"Udah siap?" tanya Biru di depan Arina.
"Siap, Blue," jawab Arina lalu memegang kedua pundak Biru dari belakang.
Biru menjalankan motor Ducati-nya. Arina yang duduk membonceng di belakang sibuk memelototi ponsel Biru, mengamati foto peta tempat manusia lain yang masih ada di Jogja.
"Kita ke Bantul dulu, Blue. Habis itu baru naik ke Merapi," kata Arina pada Biru yang sedang fokus menyetir motor.
"Oke."
Waktu menunjukkan pukul empat sore, tetapi keadaan sudah gelap.
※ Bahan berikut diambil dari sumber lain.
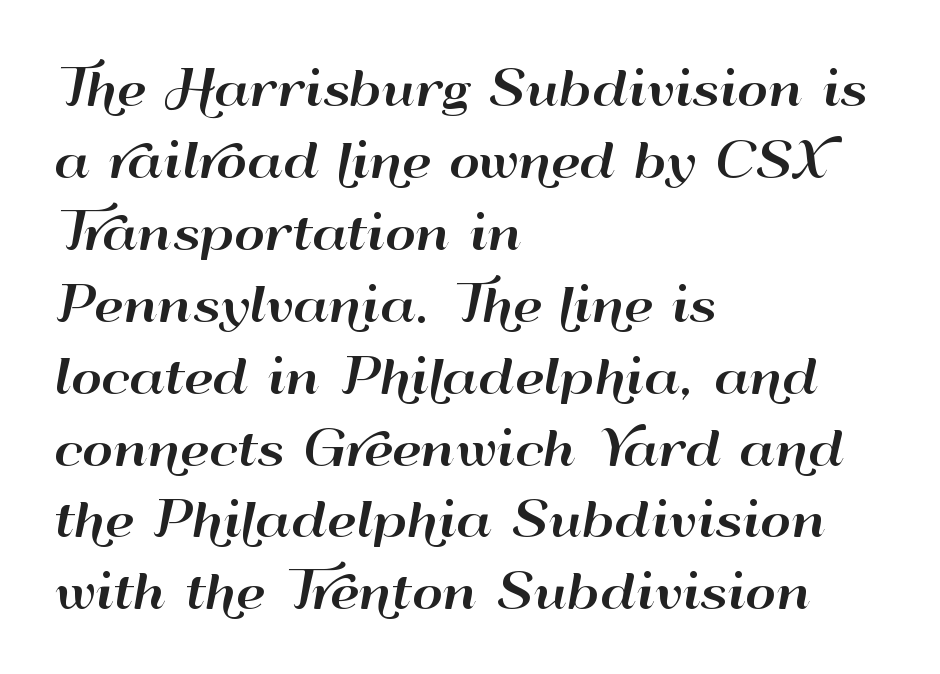
{"serif": "no", "width": "wide", "stroke_contrast": "high", "x_height": "small", "monospaced": "no", "underline": "no", "align": "left", "line_spacing": "normal", "line_spacing_ratio": 1.53, "letter_spacing": "normal", "letter_spacing_em": 0.0, "glyph_px": 47}
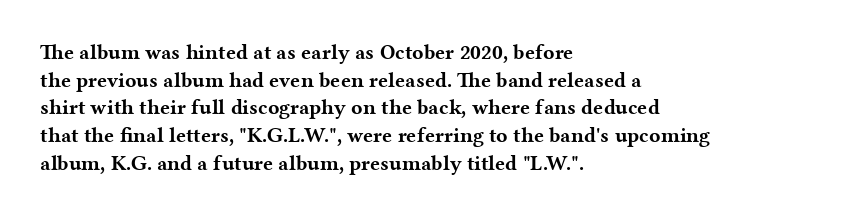
The image shows 21 px bold type, upright; set left-aligned, normal line spacing (1.32x), normal letter spacing, not underlined.
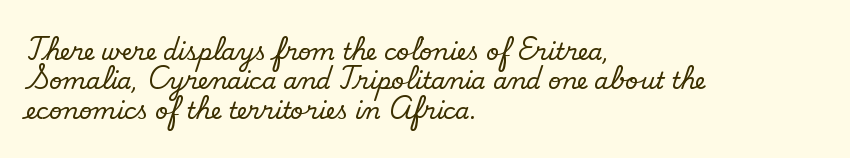
The image shows 23 px text type; set left-aligned, normal line spacing (1.28x), normal letter spacing, not underlined.
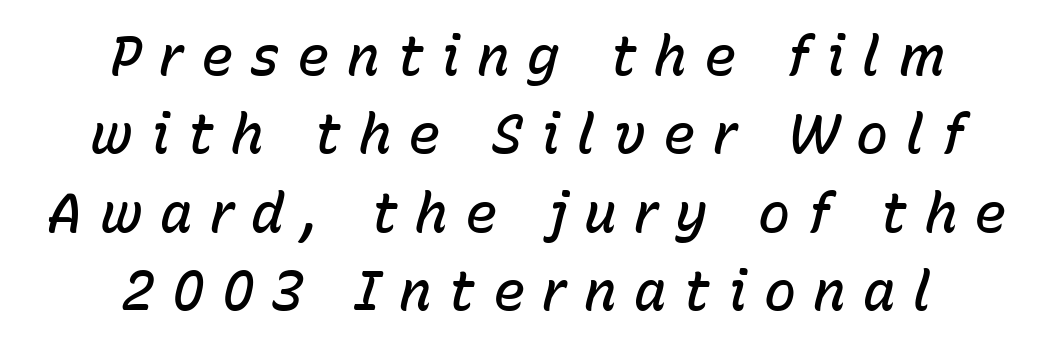
Q: Is the text bold? A: Semi-bold.
Q: Is the text italic (slanted)? A: Yes, it leans right by about 15 degrees.
Q: Is the text underlined? A: No.
Q: How is the paragraph aligned? A: Centered.
Q: Is the spacing between letters normal or unusually wide? A: Unusually wide.
Q: Is the spacing between lines tight, normal or loose? A: Normal.
Q: Width (condensed, normal, or wide)? A: Normal.
Q: Stroke contrast? A: Low.
Q: x-height? A: Medium.
Q: Monospaced? A: No.
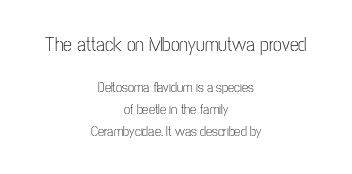
The image shows 20 px text type, upright; set centered, normal line spacing (1.57x), normal letter spacing, not underlined; the first (top) block is 1.43x larger.
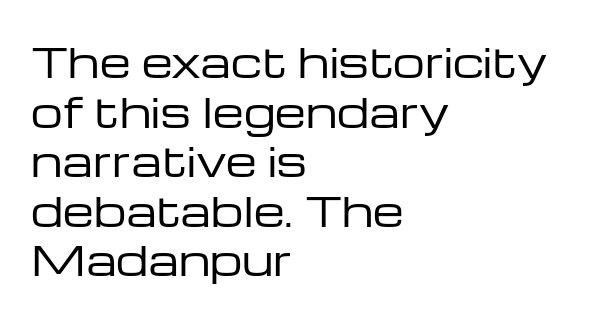
The image shows 40 px regular-weight, wide sans-serif type, upright; set left-aligned, line spacing 1.24x, normal letter spacing, not underlined; low stroke contrast and a medium x-height.
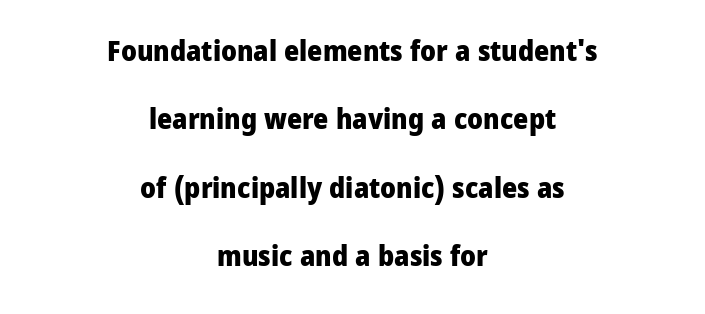
The image shows 29 px heavy sans-serif type, upright; set centered, loose line spacing (2.36x), normal letter spacing, not underlined; low stroke contrast and a medium x-height.
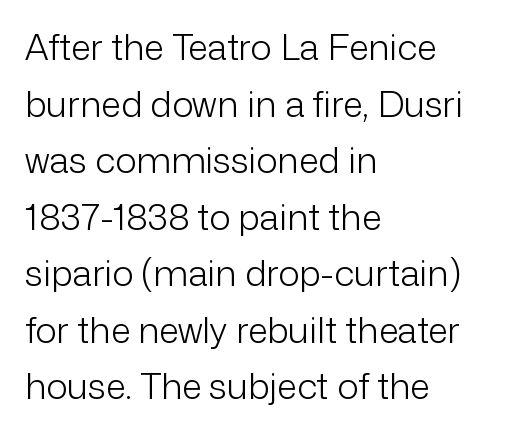
{"serif": "no", "italic": "no", "bold": "no", "weight": "light", "width": "normal", "stroke_contrast": "low", "x_height": "medium", "monospaced": "no", "underline": "no", "align": "left", "line_spacing": "normal", "line_spacing_ratio": 1.57, "letter_spacing": "normal", "letter_spacing_em": 0.0, "glyph_px": 36}
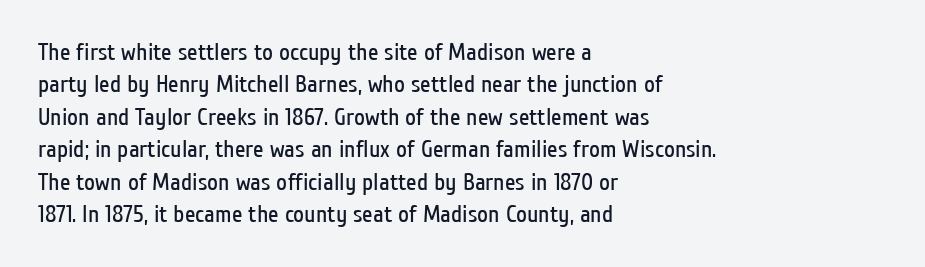
The image shows 24 px text type, upright; set left-aligned, normal line spacing (1.35x), normal letter spacing, not underlined.
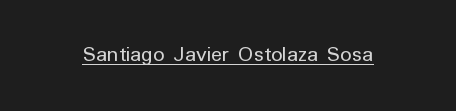
Students, observe the line beneath the letters — that is underlining. You can tell it's not italic because the verticals are truly vertical. Stems here are at most as thick as an everyday book face. Between one letter and the next there's only the usual sliver of space.
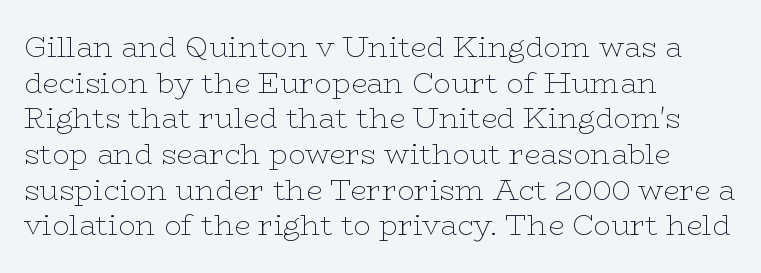
Q: Is the text bold? A: No.
Q: Is the text italic (slanted)? A: No, it is upright.
Q: Is the typeface a serif or a sans-serif typeface? A: Serif.
Q: Is the text underlined? A: No.
Q: How is the paragraph aligned? A: Left-aligned.
Q: Is the spacing between letters normal or unusually wide? A: Normal.
Q: Width (condensed, normal, or wide)? A: Wide.
Q: Stroke contrast? A: Low.
Q: x-height? A: Medium.
Q: Monospaced? A: No.

Mungkin karena efek awan mendung yang sedari tadi belum hilang kendati sudah hujan.
Arina merapatkan jaket merah yang ia kenakan. Angin dingin yang menusuk tulang menerpanya saat Biru mengencangkan motornya. Arina menoleh ke kanan kiri, jalanan benar-benar sepi. Sama sekali tidak ada manusia. Yang hanya ada dedaunan yang berserakan dan basah karena sehabis hujan.
Piringan-piringan tadi sudah menghilang semenjak hujan berhenti. Mungkin mereka hanya ingin melakukan observasi sebelum menghancurkan Kota Jogja. Arina juga tidak tahu kenapa makhluk asing itu datang ke bumi dan menghancurkan Indone1sia ... atau seluruh dunia? Apa keinginan mereka? Apa mereka juga yang menculik manusia-manusia di dunia? Apa alasannya?
Arina menghela napas lelah. Lama-lama dia bisa stres memikirkan hal yang sama sedari tadi. Semua yang ia alami akhir-akhir ini sungguh tak masuk akal. Mulai dari manusia hilang, Brownie yang bisa keluar sendiri dari kandang terkunci, alien yang ingin menghancurkan bumi, sampai seekor raptor herbivora yang dipelihara. Ini seperti mimpi. Tapi kenapa rasanya sangat nyata? Kenapa juga dia tidak bangun-bangun dari mimpinya?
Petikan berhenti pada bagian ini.